-- Opening Marker --
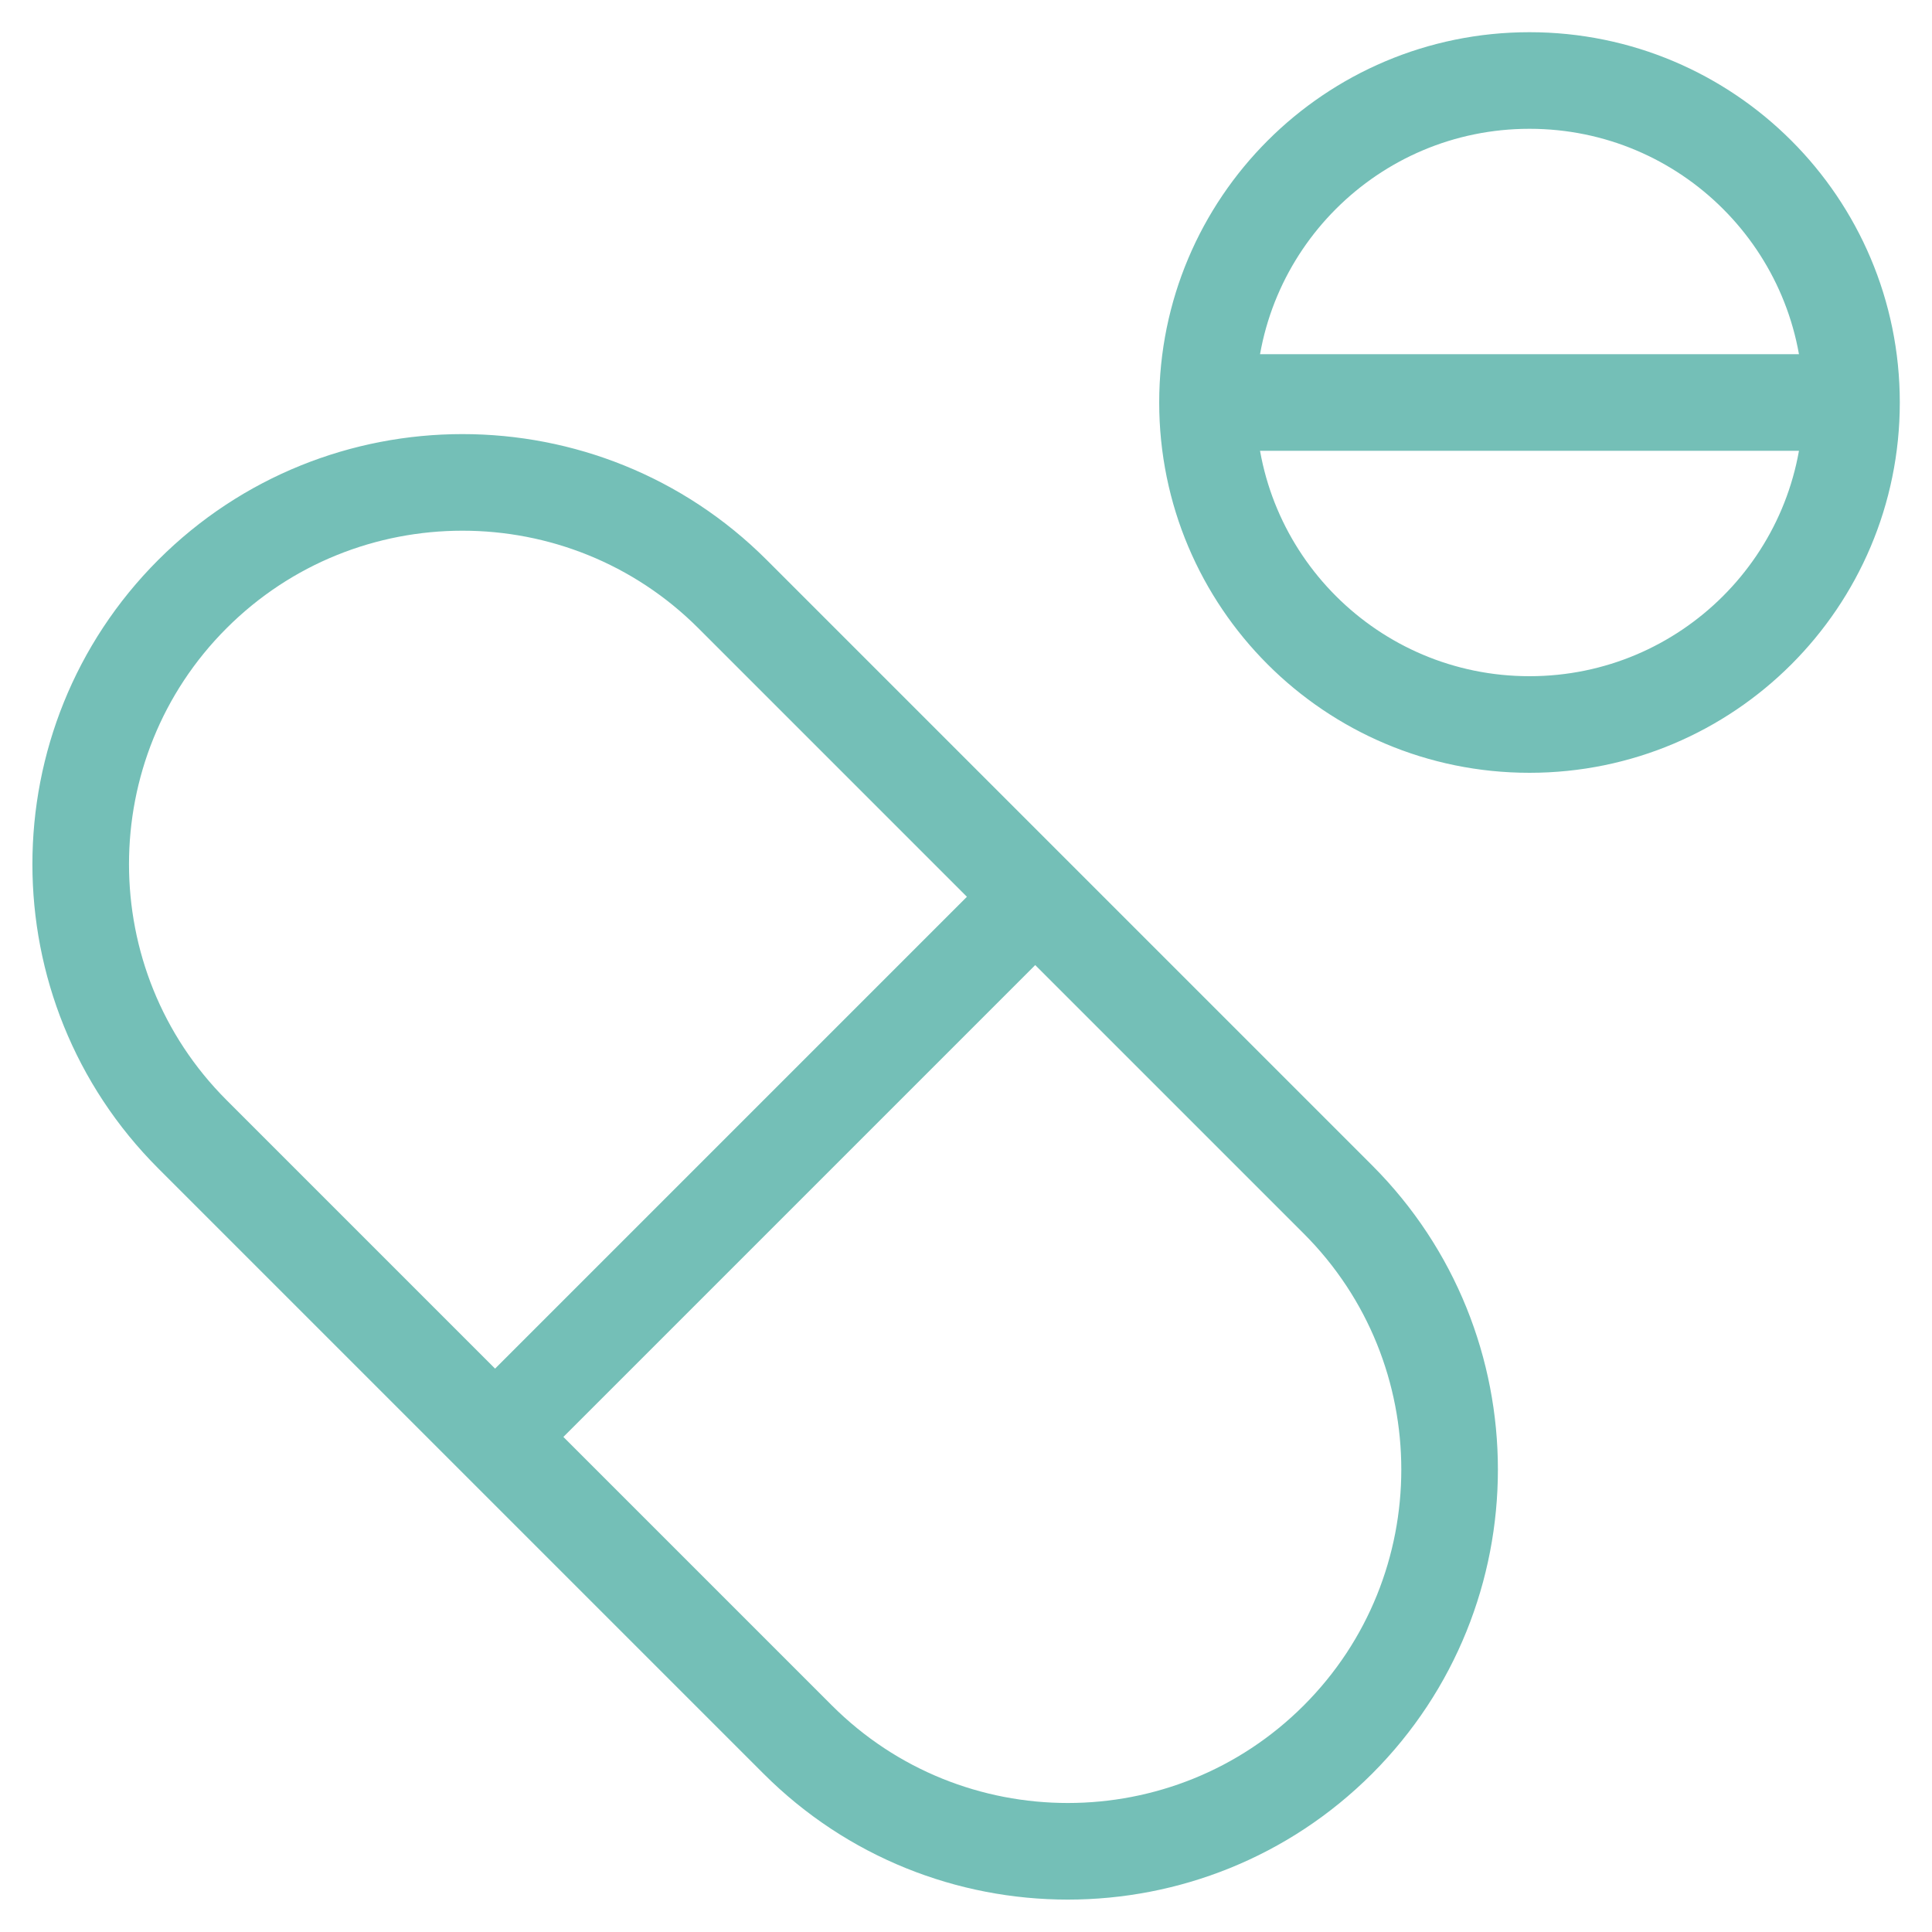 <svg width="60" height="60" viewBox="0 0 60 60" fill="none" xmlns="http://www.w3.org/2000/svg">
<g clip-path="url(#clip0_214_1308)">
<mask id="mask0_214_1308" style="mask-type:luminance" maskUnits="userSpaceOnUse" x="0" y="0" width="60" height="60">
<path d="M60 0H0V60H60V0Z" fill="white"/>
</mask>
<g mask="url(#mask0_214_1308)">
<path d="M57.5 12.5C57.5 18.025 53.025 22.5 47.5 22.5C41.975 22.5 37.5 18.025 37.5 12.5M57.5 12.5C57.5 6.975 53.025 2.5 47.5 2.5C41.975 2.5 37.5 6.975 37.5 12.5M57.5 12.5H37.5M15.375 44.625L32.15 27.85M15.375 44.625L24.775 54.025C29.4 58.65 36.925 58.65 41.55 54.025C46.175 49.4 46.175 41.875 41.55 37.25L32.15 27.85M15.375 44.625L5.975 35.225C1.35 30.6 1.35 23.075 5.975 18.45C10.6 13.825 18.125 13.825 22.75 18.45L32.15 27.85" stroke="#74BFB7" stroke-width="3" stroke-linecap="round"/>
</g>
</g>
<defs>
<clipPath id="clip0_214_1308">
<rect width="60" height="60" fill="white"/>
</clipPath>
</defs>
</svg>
-- Closing Marker --
The required output is the listing above reproduced exactly, pictures removed.

 <svg width="60" height="60" viewBox="0 0 60 60" fill="none" xmlns="http://www.w3.org/2000/svg">
<g clip-path="url(#clip0_214_1308)">
<mask id="mask0_214_1308" style="mask-type:luminance" maskUnits="userSpaceOnUse" x="0" y="0" width="60" height="60">
<path d="M60 0H0V60H60V0Z" fill="white"/>
</mask>
<g mask="url(#mask0_214_1308)">
<path d="M57.5 12.5C57.5 18.025 53.025 22.5 47.5 22.5C41.975 22.5 37.5 18.025 37.5 12.5M57.5 12.5C57.5 6.975 53.025 2.5 47.5 2.5C41.975 2.5 37.5 6.975 37.5 12.5M57.5 12.5H37.5M15.375 44.625L32.15 27.85M15.375 44.625L24.775 54.025C29.4 58.65 36.925 58.65 41.55 54.025C46.175 49.4 46.175 41.875 41.55 37.25L32.15 27.85M15.375 44.625L5.975 35.225C1.35 30.6 1.35 23.075 5.975 18.45C10.6 13.825 18.125 13.825 22.75 18.45L32.15 27.85" stroke="#74BFB7" stroke-width="3" stroke-linecap="round"/>
</g>
</g>
<defs>
<clipPath id="clip0_214_1308">
<rect width="60" height="60" fill="white"/>
</clipPath>
</defs>
</svg>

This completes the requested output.